Newsletter mit Strahlkraft: Fünf Jahre "Rest der Republik"
Osnabrück/Flensburg (ots)
Am 10. Februar 2021 versendete Burkhard Ewert, Chefredakteur noz und shz, seinen Newsletter "Rest der Republik" zum ersten Mal. Während der Coronazeit schien ihm das ein probates Mittel, um seine Leser mit zusätzlichen Perspektiven zu versorgen. Nach Corona waren die Abo-Zahlen so gut, dass der Newsletter als relevanter Baustein für die Leserbindung und Teil der Digitalstrategie nicht mehr wegzudenken war. Heute, fünf Jahre später, zählt der Newsletter "Rest der Republik" zahlreiche Abonnenten in ganz Deutschland bei einer konstanten Öffnungsrate von 60 Prozent - jede Woche.
"Der Erfolg des Newsletters 'Rest der Republik' beweist, dass sich viele unserer Leserinnen und Leser von relevanten Themen besonders angesprochen fühlen, wenn diese in einem persönlichen Format aufbereitet sind - und das sowohl in unserem Verbreitungsgebiet als auch darüber hinaus", sagt Jens Wegmann, der gemeinsam mit Paul Wehberg die Geschäfte der NOZ/mh:n Gruppe führt, zu der auch noz und shz gehören. Ewert erreicht eine Leserschaft weit über die eigenen Verbreitungsgebiete in Niedersachen und Schleswig-Holstein hinaus.

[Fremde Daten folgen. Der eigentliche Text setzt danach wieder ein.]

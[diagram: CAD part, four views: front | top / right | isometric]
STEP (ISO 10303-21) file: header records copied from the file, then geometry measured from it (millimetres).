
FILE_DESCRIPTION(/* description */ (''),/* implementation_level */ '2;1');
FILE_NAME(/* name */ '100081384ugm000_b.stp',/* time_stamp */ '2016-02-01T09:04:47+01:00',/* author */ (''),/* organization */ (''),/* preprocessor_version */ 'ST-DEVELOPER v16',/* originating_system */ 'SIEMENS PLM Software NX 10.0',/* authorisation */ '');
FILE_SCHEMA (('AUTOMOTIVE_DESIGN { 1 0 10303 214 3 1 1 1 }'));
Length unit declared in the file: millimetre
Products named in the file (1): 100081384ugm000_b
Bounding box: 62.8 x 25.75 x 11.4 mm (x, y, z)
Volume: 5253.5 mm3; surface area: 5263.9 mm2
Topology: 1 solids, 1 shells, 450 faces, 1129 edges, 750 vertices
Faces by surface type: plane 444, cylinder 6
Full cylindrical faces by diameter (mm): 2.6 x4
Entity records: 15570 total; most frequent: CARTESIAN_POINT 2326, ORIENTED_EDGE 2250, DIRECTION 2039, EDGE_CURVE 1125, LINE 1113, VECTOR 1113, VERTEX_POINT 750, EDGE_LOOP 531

Er hat treue Leser in ganz Deutschland und sogar aus verschiedenen Ländern der Welt, beispielsweise aus Australien, China oder Skandinavien.
Burkhard Ewert scheut keine Kontroversen. Das beschert ihm wöchentlich an die hunderte Mails mit Zuspruch, aber immer wieder auch Kritik und sogar Anfeindungen. Für Burkhard Ewert ein Zeichen, dass sich seine Abonnenten mit den Themen auseinandersetzen. Genau das, was er möchte.

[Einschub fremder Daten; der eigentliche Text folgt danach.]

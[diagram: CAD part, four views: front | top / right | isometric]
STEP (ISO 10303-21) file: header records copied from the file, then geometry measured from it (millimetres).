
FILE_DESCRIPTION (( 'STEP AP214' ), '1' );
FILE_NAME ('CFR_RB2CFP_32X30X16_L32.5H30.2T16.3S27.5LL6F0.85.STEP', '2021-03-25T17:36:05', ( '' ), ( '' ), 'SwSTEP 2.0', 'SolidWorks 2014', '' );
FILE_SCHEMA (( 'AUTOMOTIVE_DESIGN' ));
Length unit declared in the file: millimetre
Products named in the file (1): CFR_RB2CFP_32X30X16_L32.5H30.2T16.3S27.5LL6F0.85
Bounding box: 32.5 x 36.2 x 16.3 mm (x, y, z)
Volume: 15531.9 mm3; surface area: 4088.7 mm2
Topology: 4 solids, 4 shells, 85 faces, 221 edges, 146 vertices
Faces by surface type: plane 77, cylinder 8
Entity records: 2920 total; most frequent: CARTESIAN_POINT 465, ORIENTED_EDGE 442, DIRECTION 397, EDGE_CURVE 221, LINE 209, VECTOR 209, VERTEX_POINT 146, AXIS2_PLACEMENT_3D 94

"Ich wollte nie die Politik dem Land erklären, sondern das Land der Politik. Zu den Zielen zählt es deshalb unvermindert, Perspektiven aufzuzeigen, die berechtigt, aber zu selten gehört oder die sogar zu Unrecht verhöhnt werden. Denn wenn alle dasselbe meinen, läuft etwas verkehrt", meint Burkhard Ewert.
Zu seinen erfolgreichsten Newsletterausgaben gehören: "Corona und die Länder: Ihr Widerstand ist gut" aus dem Jahr 2021, "Silvestergewalt: Benennt das Problem!" aus 2023 und "Staatsversagen an der Bushaltestelle" aus 2025.